:: DIRECTIONS FOR THIS TASK ::
No pictures, nothing altered: return the data below.

:: MATERIAL SUPPLIED ::
· · · ·

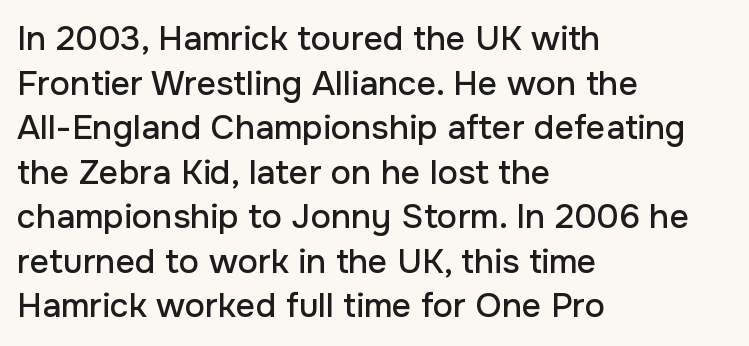
The passage shown is typeset with a sans-serif family. Character widths vary here, with narrow letters taking less room than wide ones. Vertically, the passage feels balanced, rows spaced as you'd expect. Between one letter and the next there's only the usual sliver of space. These lines stack with their left ends in a neat column. In terms of posture, this sample is upright.
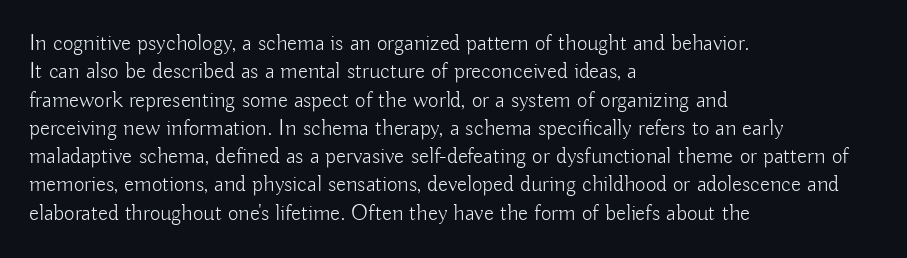
Q: Is the text bold? A: No.
Q: Is the text italic (slanted)? A: No, it is upright.
Q: Is the text underlined? A: No.
Q: How is the paragraph aligned? A: Left-aligned.
Q: Is the spacing between letters normal or unusually wide? A: Normal.
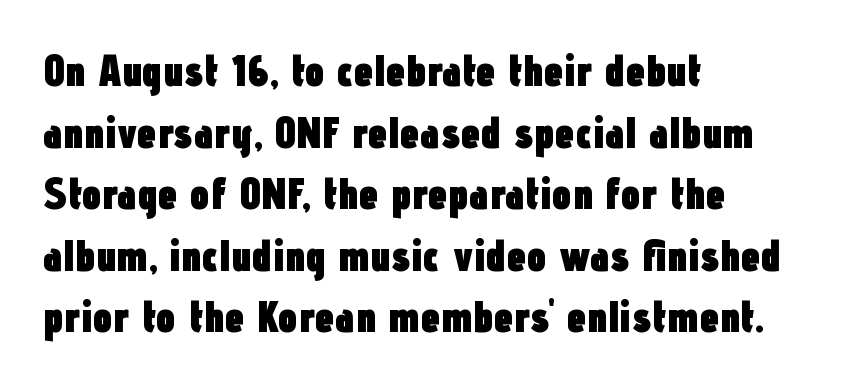
This block has exactly the height ordinary leading produces. The line texture is even and compact thanks to regular tracking. Anything drawn beneath the words? Only blank space. Reading down the block, your eye returns to a fixed left position each line. It's the straight-up-and-down kind of type.
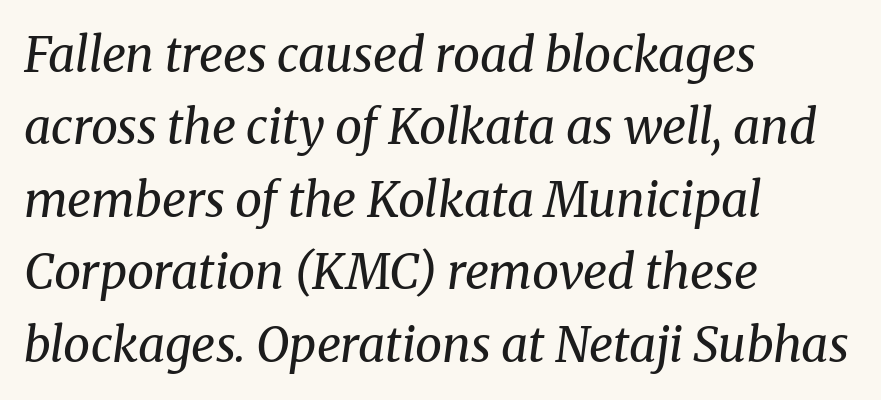
{"serif": "yes", "italic": "yes", "lean": "right", "slant_degrees": 8, "bold": "no", "weight": "regular", "width": "normal", "stroke_contrast": "medium", "x_height": "medium", "monospaced": "no", "underline": "no", "align": "left", "line_spacing": "normal", "line_spacing_ratio": 1.51, "letter_spacing": "normal", "letter_spacing_em": 0.0, "glyph_px": 48}
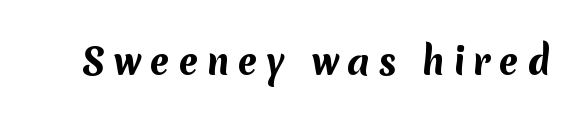
The baseline area is clear. The letters advance in unequal steps, a hallmark of proportional type. The characters display no serif detailing; their extremities are plain. Its strokes are broad and dark, the hallmark of bold type. The gaps between neighbouring characters are conspicuously large.
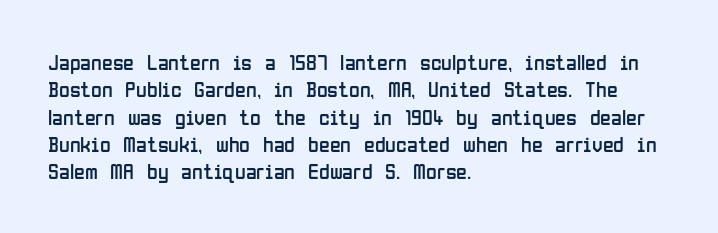
Q: Is the text bold? A: No.
Q: Is the text italic (slanted)? A: No, it is upright.
Q: Is the text underlined? A: No.
Q: How is the paragraph aligned? A: Left-aligned.
Q: Is the spacing between letters normal or unusually wide? A: Normal.
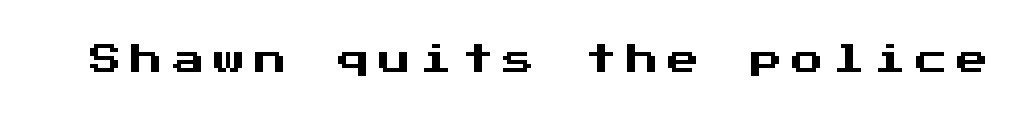
The image shows 32 px sans-serif type, upright; set unusually wide letter spacing (+0.29 em), not underlined; medium stroke contrast and a medium x-height.
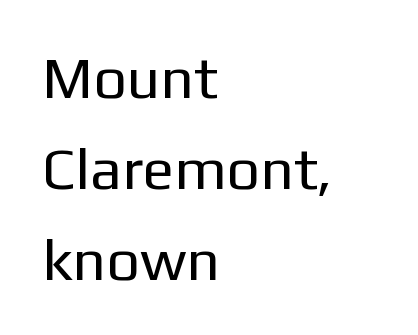
The image shows 59 px regular-weight sans-serif type, upright; set left-aligned, normal line spacing (1.54x), normal letter spacing, not underlined; low stroke contrast and a medium x-height.
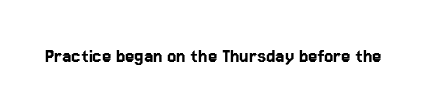
Q: Is the text italic (slanted)? A: No, it is upright.
Q: Is the text underlined? A: No.
Q: Is the spacing between letters normal or unusually wide? A: Normal.
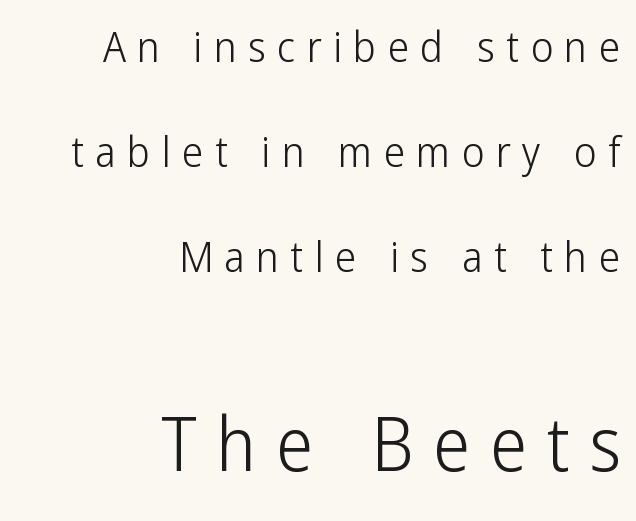
{"serif": "no", "italic": "no", "bold": "no", "weight": "light", "width": "condensed", "stroke_contrast": "low", "x_height": "medium", "monospaced": "no", "underline": "no", "align": "right", "line_spacing": "loose", "line_spacing_ratio": 2.44, "letter_spacing": "wide", "letter_spacing_em": 0.26, "larger_block": "second", "size_ratio": 1.74, "glyph_px": 75}

· · · ·

:: ANSWER FOR THIS EXERCISE ::
The passage shown is typeset with a sans-serif family. Character widths vary here, with narrow letters taking less room than wide ones. Vertically, the passage feels balanced, rows spaced as you'd expect. Between one letter and the next there's only the usual sliver of space. These lines stack with their left ends in a neat column. In terms of posture, this sample is upright.
Q: Is the text bold? A: No.
Q: Is the text italic (slanted)? A: No, it is upright.
Q: Is the text underlined? A: No.
Q: How is the paragraph aligned? A: Left-aligned.
Q: Is the spacing between letters normal or unusually wide? A: Normal.
This block has exactly the height ordinary leading produces. The line texture is even and compact thanks to regular tracking. Anything drawn beneath the words? Only blank space. Reading down the block, your eye returns to a fixed left position each line. It's the straight-up-and-down kind of type.
{"serif": "yes", "italic": "yes", "lean": "right", "slant_degrees": 8, "bold": "no", "weight": "regular", "width": "normal", "stroke_contrast": "medium", "x_height": "medium", "monospaced": "no", "underline": "no", "align": "left", "line_spacing": "normal", "line_spacing_ratio": 1.51, "letter_spacing": "normal", "letter_spacing_em": 0.0, "glyph_px": 48}
The baseline area is clear. The letters advance in unequal steps, a hallmark of proportional type. The characters display no serif detailing; their extremities are plain. Its strokes are broad and dark, the hallmark of bold type. The gaps between neighbouring characters are conspicuously large.
Q: Is the text bold? A: No.
Q: Is the text italic (slanted)? A: No, it is upright.
Q: Is the text underlined? A: No.
Q: How is the paragraph aligned? A: Left-aligned.
Q: Is the spacing between letters normal or unusually wide? A: Normal.
The image shows 32 px sans-serif type, upright; set unusually wide letter spacing (+0.29 em), not underlined; medium stroke contrast and a medium x-height.
The image shows 59 px regular-weight sans-serif type, upright; set left-aligned, normal line spacing (1.54x), normal letter spacing, not underlined; low stroke contrast and a medium x-height.
Q: Is the text italic (slanted)? A: No, it is upright.
Q: Is the text underlined? A: No.
Q: Is the spacing between letters normal or unusually wide? A: Normal.
{"serif": "no", "italic": "no", "bold": "no", "weight": "light", "width": "condensed", "stroke_contrast": "low", "x_height": "medium", "monospaced": "no", "underline": "no", "align": "right", "line_spacing": "loose", "line_spacing_ratio": 2.44, "letter_spacing": "wide", "letter_spacing_em": 0.26, "larger_block": "second", "size_ratio": 1.74, "glyph_px": 75}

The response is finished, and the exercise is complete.